Lincoln Bowl
Tacoma, WA

Lincoln Park High School, at 37th and G Streets Tacoma, Washington, ca. 1914
Photo by Albert Henry Barnes courtesy UW Library digital collections

On December 6, 1911 the City of Tacoma turned over 15 acres of  land in Lincoln Park to the School District to build Lincoln High School. The high school was completed in 1914 at the cost of $436,607.68.1

Lincoln High School and field along G Street in Tacoma, Washington, ca. 1914
Photo courtesy Lincoln High School

Lincoln High School and original field in Tacoma, WA - 1924
Photo courtesy Historic Photos of Tacoma

The Lincoln High School Field was originally located behind the High School along G Street until the new 9,000 seat Bowl was contructed in 1947 in the lower field adjacent to it.2 Ten years later, on September 1, 1957, Elvis, Scotty, Bill and DJ performed there during a short tour of the Pacific-Northwest that began on August 30th in Spokane, WA and included stops in Vancouver, Seattle later that evening and concluding in Portland the following day. The show in Tacoma was a matinee.

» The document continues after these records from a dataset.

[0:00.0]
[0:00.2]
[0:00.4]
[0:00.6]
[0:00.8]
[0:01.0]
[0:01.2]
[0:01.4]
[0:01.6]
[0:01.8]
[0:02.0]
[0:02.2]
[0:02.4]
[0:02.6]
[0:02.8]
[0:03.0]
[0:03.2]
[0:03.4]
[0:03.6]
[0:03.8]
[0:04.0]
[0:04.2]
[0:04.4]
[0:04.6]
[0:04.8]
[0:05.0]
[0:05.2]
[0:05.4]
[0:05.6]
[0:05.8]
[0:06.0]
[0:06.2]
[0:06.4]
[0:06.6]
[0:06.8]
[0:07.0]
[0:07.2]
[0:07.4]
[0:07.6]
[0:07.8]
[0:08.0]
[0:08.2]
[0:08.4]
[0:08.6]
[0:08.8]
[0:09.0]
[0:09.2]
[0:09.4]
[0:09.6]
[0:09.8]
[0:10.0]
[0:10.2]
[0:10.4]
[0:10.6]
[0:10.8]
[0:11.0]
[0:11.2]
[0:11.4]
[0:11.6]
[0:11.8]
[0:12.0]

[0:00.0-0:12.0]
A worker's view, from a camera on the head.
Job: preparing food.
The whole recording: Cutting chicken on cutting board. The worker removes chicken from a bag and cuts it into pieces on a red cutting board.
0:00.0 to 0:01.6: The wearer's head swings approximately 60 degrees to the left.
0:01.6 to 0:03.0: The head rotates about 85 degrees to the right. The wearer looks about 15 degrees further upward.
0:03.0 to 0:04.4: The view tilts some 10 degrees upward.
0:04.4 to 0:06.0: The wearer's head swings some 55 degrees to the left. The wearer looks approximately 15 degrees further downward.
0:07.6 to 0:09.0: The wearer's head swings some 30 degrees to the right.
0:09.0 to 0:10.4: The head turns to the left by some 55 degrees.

Ad for show at Lincoln Bowl, Tacoma, WA - Sep. 1, 1957
courtesy Ger Rijff's Long Lonely Highway

Presley Rocks ’n Rolls Tacoma Teenagers Into Frenzy at Bowl
by Don Duncan

A smile played on the full lips of the husky, loose-jointed young man in the gold jacket. His black shirt was unbuttoned to his breastbone.
He wiggled his hips in tight fitting black pants and several thousand girls gasped and screamed in unison. He spread his arms and they shrieked again.
“I’ll take care of you in a minute,” Elvis Presley said husky-voiced to the loudest of his fans. And 6,000 people in Lincoln Bowl yesterday erupted in shouts, screams and hand-clapping.

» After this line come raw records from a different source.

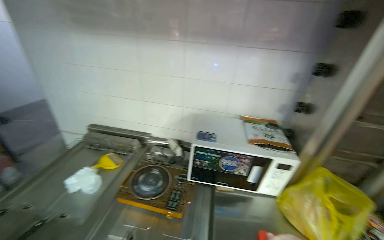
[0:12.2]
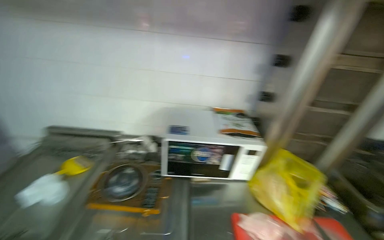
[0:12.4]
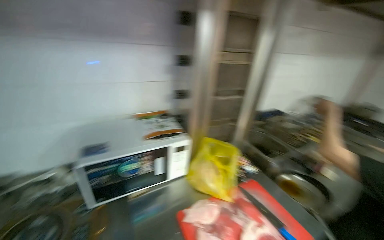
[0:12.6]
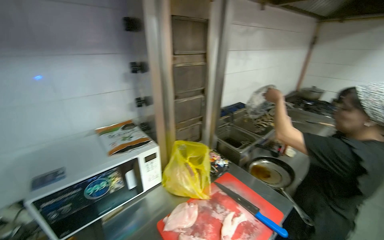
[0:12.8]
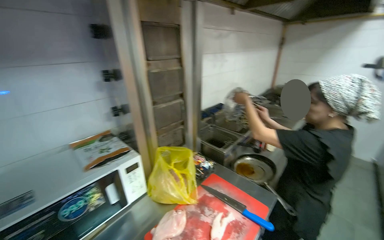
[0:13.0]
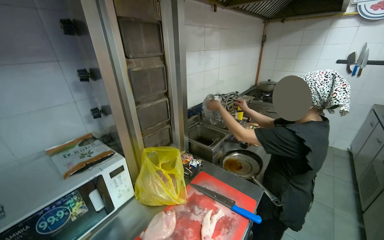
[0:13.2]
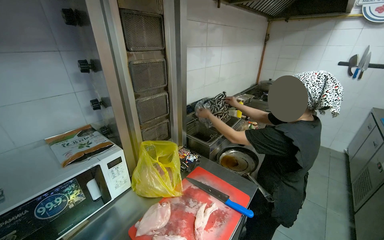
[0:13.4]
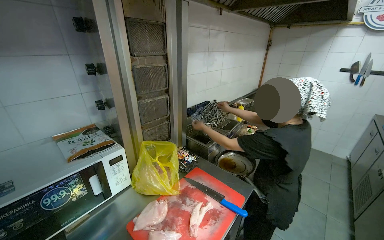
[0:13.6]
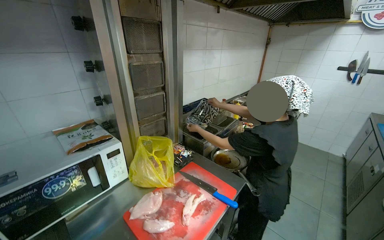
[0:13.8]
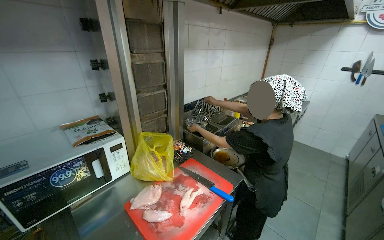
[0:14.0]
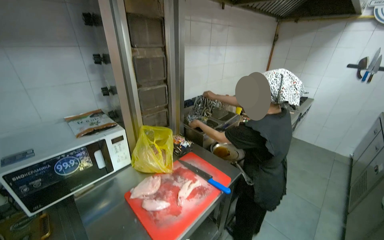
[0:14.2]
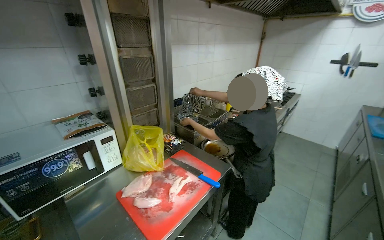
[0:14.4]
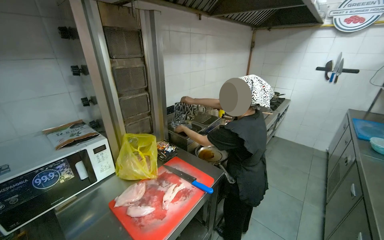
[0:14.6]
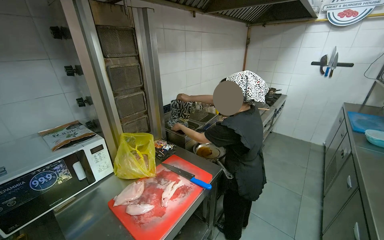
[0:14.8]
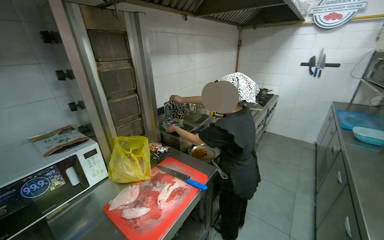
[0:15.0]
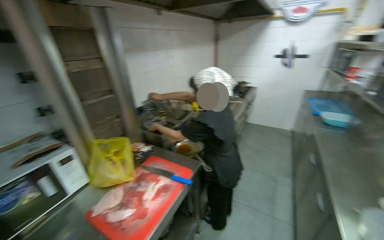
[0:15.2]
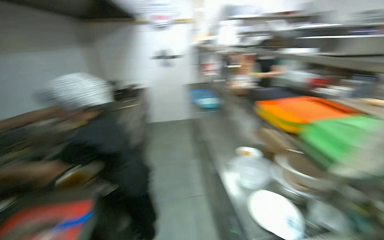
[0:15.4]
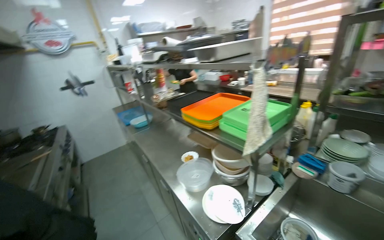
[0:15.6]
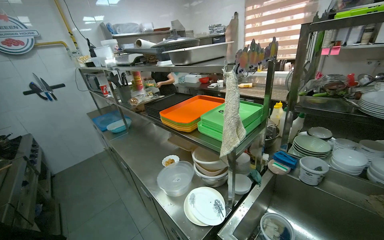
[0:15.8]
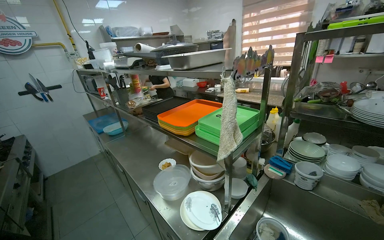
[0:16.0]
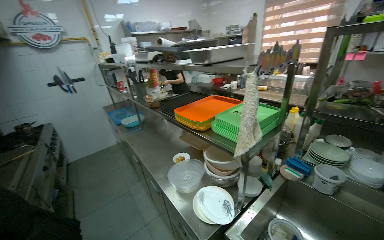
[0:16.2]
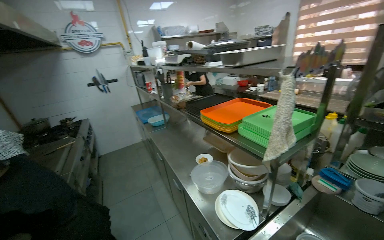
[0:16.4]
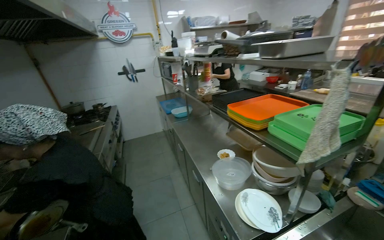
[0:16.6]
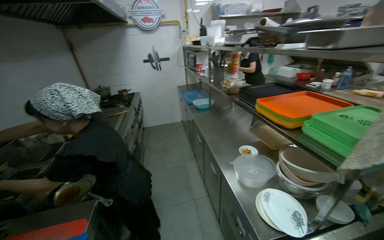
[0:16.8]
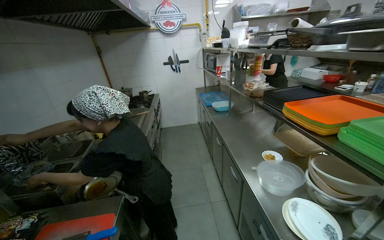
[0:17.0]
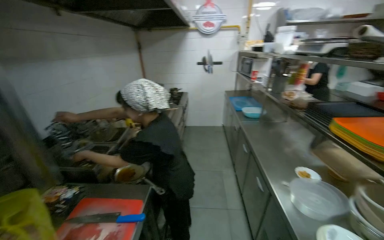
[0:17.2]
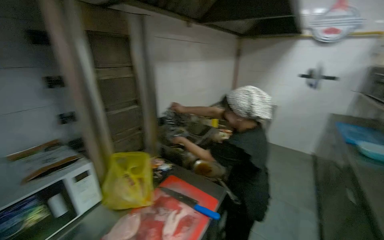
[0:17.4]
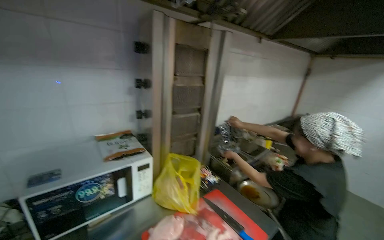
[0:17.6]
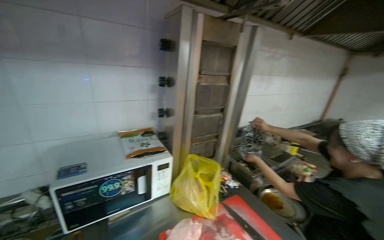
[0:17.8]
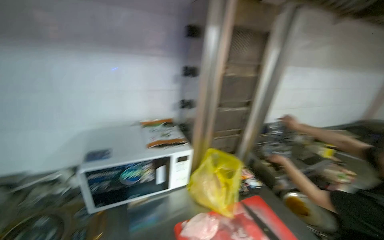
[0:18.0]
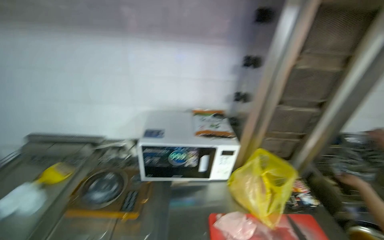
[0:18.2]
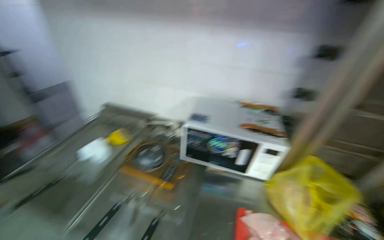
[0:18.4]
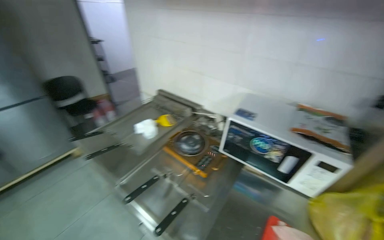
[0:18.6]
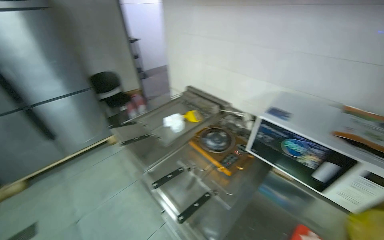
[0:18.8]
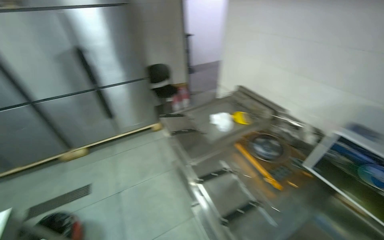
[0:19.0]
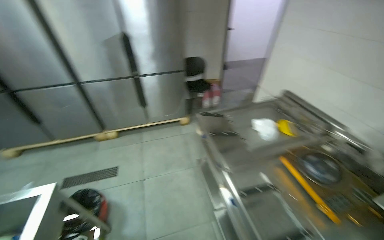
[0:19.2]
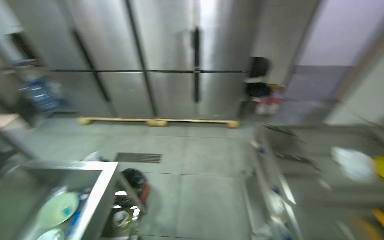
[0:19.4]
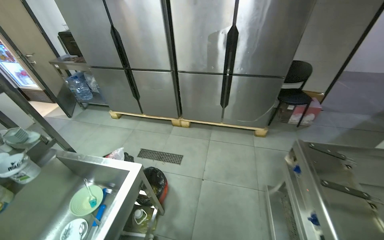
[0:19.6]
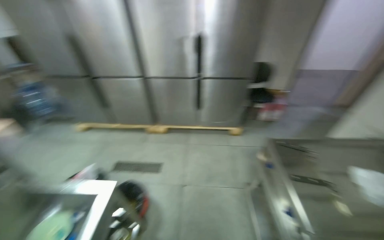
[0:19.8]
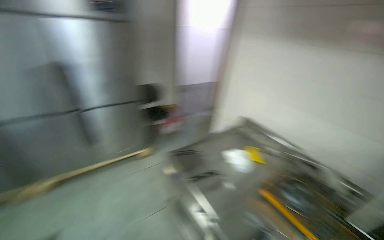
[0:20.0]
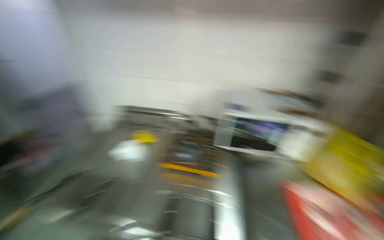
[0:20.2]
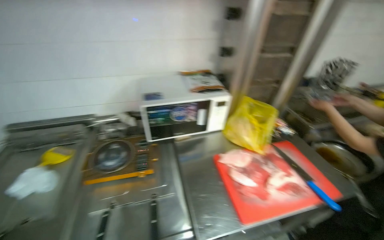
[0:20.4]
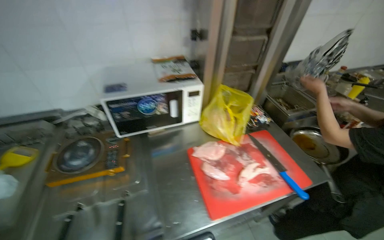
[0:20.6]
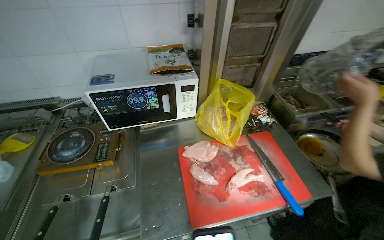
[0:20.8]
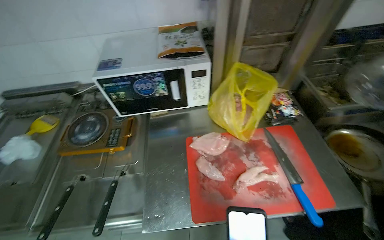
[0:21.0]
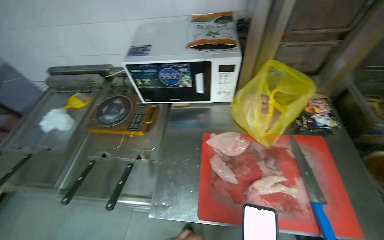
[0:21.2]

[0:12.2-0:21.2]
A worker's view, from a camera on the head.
Job: preparing food.
The whole recording: Cutting chicken on cutting board. The worker removes chicken from a bag and cuts it into pieces on a red cutting board.
0:12.2 to 0:13.8: The wearer looks about 55 degrees further to the right.
0:15.2 to 0:16.6: The head turns to the right by about 40 degrees.
0:16.6 to 0:18.2: The head travels some 50 cm. The wearer's head swings roughly 110 degrees to the left.
0:18.2 to 0:19.8: The wearer moves about 60 cm. The head rotates about 95 degrees to the left.
0:19.8 to 0:21.2: The camera is carried about 80 cm. The wearer looks some 65 degrees further to the right. The view tips downward by about 25 degrees.

Scotty, DJ, Elvis and Bill onstage at the Lincoln Bowl in Tacoma - Sep. 1, 1957
Photo courtesy web

Crazy Man
Suddenly a piano player grabbed a mittful of notes, two guitarists and a drummer caught up the slugging beat and Elvis snatched the microphone, pressed it to his lips, and began to pour out his throbbing, synchopated baritone:
“… Don’t be cruel to a heart that’s true … don’t be cruel …”
As he sang he began a slow, rhythmic movement of his pelvic region, his legs vibrated, his upper torso caught up the movement and alternately swayed and shimmied. Each new movement was greeted by fresh screams.

Elvis on his knees in Tacoma - Sep. 1, 1957
Photo courtesy Roger Ersson added Mar. 21, 2013

He fell to his knees and socked out the rock ’n roll beat with his body.

Elvis on his knees in Tacoma (closer) - Sep. 1, 1957
Photo courtesy Roger Ersson added Mar. 21, 2013

He waved at the crowd. And he sang, always in that pulsating, almost native, beat – “I l-u-u-u-v yew-ew-ew-ew.”
Sometimes he chuckled in the middle of a song. He clowned impishly. And once he corned up that old jazz perennial “I Found My Thrill on Blueberry Hill” by substituting blackberry for blueberry.
Screams Drown Voice
Often the great roar of the crowd snuffed out the words. But no stranger in the crowd could doubt ‘twas Elvis at the mike.
He sang at least a dozen songs, this creator of mass hysteria, this modern-day answer to Austin, Vallee and Sinatra. But where they depended almost exclusively on voice, his was a combination of earthly body movements and a rhythm that smacks of the revival tent.
It was burlesque with a twist as if Gypsy Rose Lee had donned men’s clothing.
Elvis came in a black limousine, surrounded by a cordon of beefy policemen. He stepped from the car and leaped lightly to the stage, amid frenzied cheers.
Jugglers, quartets, marimba players and lesser vocalists had warmed up the audience to feverish pitch. Elvis was here to make them cast, inhibitions aside, to blend his personality into theirs so each would think he was singing just for them. He succeeded.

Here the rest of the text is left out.